I felt good and all washed clean of sin for the first time I had ever
felt so in my life, and I knowed I could pray now. But I didn't do it
straight off, but laid the paper down and set there thinking--thinking how
good it was all this happened so, and how near I come to being lost and
going to hell. And went on thinking. And got to thinking over our trip
down the river; and I see Jim before me all the time: in the day and in
the night-time, sometimes moonlight, sometimes storms, and we a-floating
along, talking and singing and laughing. But somehow I couldn't seem to
strike no places to harden me against him, but only the other kind.
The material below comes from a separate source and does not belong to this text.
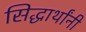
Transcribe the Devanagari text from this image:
सिद्धार्थांनी
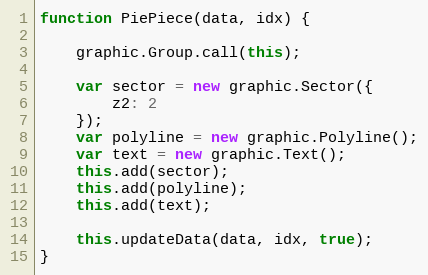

I'd
see him standing my watch on top of his'n, 'stead of calling me, so I
could go on sleeping; and see him how glad he was when I come back out of
the fog; and when I come to him again in the swamp, up there where the
feud was; and such-like times; and would always call me honey, and pet me
and do everything he could think of for me, and how good he always was;
and at last I struck the time I saved him by telling the men we had
small-pox aboard, and he was so grateful, and said I was the best friend
old Jim ever had in the world, and the ONLY one he's got now; and then I
happened to look around and see that paper.
It was a close place. I took it up, and held it in my hand. I was
a-trembling, because I'd got to decide, forever, betwixt two things, and I
knowed it. I studied a minute, sort of holding my breath, and then says to
myself:
"All right, then, I'll GO to hell"--and tore it up.
It was awful thoughts and awful words, but they was said. And I let
them stay said; and never thought no more about reforming. I shoved the
whole thing out of my head, and said I would take up wickedness again,
which was in my line, being brung up to it, and the other warn't. And for
a starter I would go to work and steal Jim out of slavery again; and if I
could think up anything worse, I would do that, too; because as long as I
was in, and in for good, I might as well go the whole hog.